Monitoring and Alerting for Microservices
- Metrics: Quantitative signals (latency, error rate, saturation) for automated alerting.
- Logs: High-fidelity event data for forensics; centralise with Elasticsearch, Loki, or Splunk.
- Traces: Follow a request across services to locate bottlenecks (OpenTelemetry, Jaeger, Zipkin).
Metrics Stack (Prometheus + Grafana)
- Expose
/metrics
endpoints using client libraries. - Collect via Prometheus (scrape configs, Kubernetes service discovery).
- Visualise in Grafana; codify dashboards in Git to track changes.
Example alert (Prometheus):
groups:
- name: service-availability
rules:
- alert: HighErrorRate
expr: sum(rate(http_requests_total{status=~"5.."}[5m])) / sum(rate(http_requests_total[5m])) > 0.05
for: 5m
labels: {severity: critical}
annotations:
summary: "High error rate"
runbook: "https://runbooks.example.com/high-error-rate"
Alerting Principles
- Actionable: Every page must map to a runbook.
- Prioritised: Define severity tiers (P0→P2) and escalation paths.
- Contextual: Include dashboards, logs, and recent deploy links.
- Tested: Exercise alerts through game days and synthetic checks.
Distributed Tracing
Instrument services with OpenTelemetry. Export spans to Jaeger/Datadog/SkyWalking to:
- Visualise request latency per hop.
- Correlate traces with logs (trace IDs).
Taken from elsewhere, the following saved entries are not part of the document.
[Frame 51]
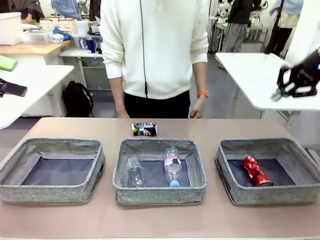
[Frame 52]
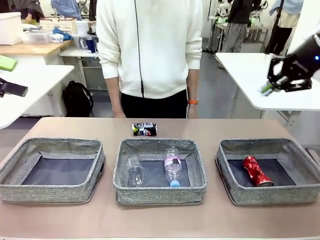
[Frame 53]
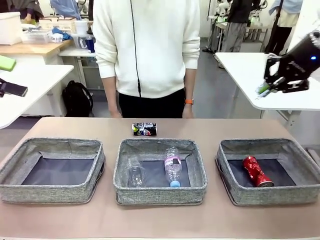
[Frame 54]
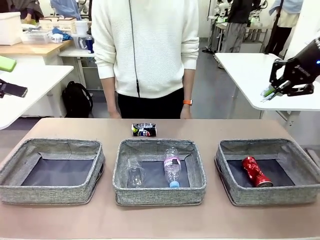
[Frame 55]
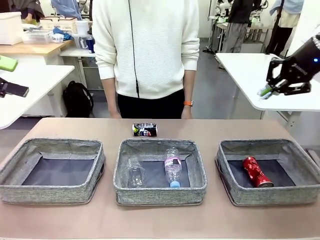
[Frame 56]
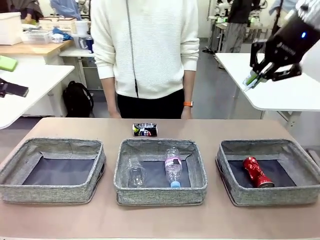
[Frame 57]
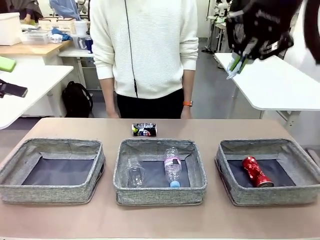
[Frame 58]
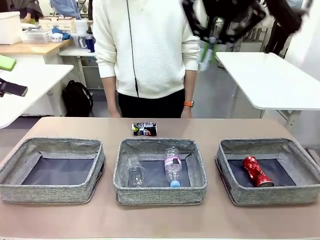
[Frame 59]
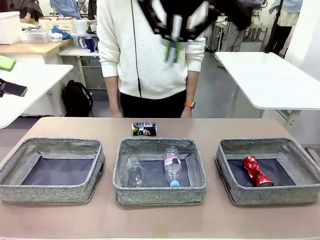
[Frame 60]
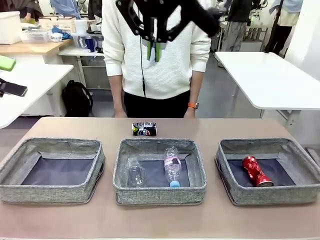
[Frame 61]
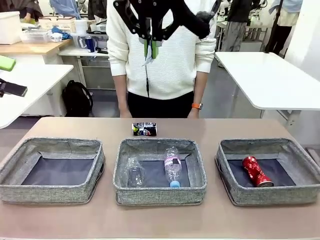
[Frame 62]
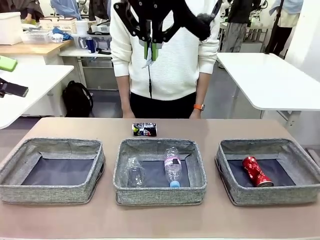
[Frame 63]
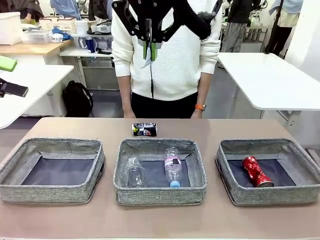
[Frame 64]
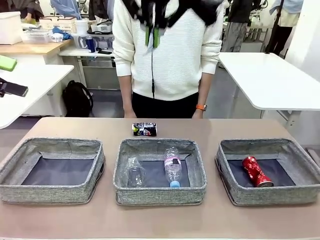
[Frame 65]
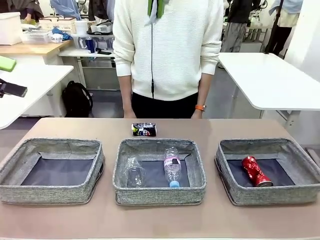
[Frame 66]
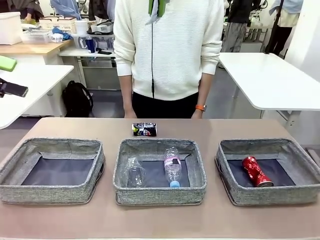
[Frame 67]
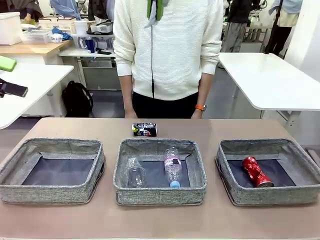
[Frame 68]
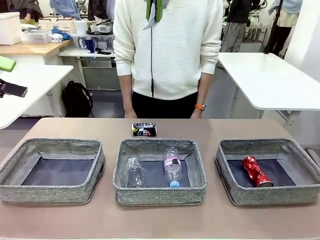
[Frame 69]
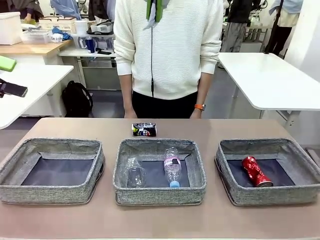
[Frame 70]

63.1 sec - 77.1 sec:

- Identify the blast radius of failed calls quickly.
Operational Tips
- Automate incident creation (PagerDuty/Opsgenie) from Alertmanager.
- Track Service Level Objectives (SLOs) using tools like Grafana SLO or Nobl9.
- Review observability debt during post-incident retrospectives.
- Guard against alert fatigue; tune thresholds and silence windows during maintenance.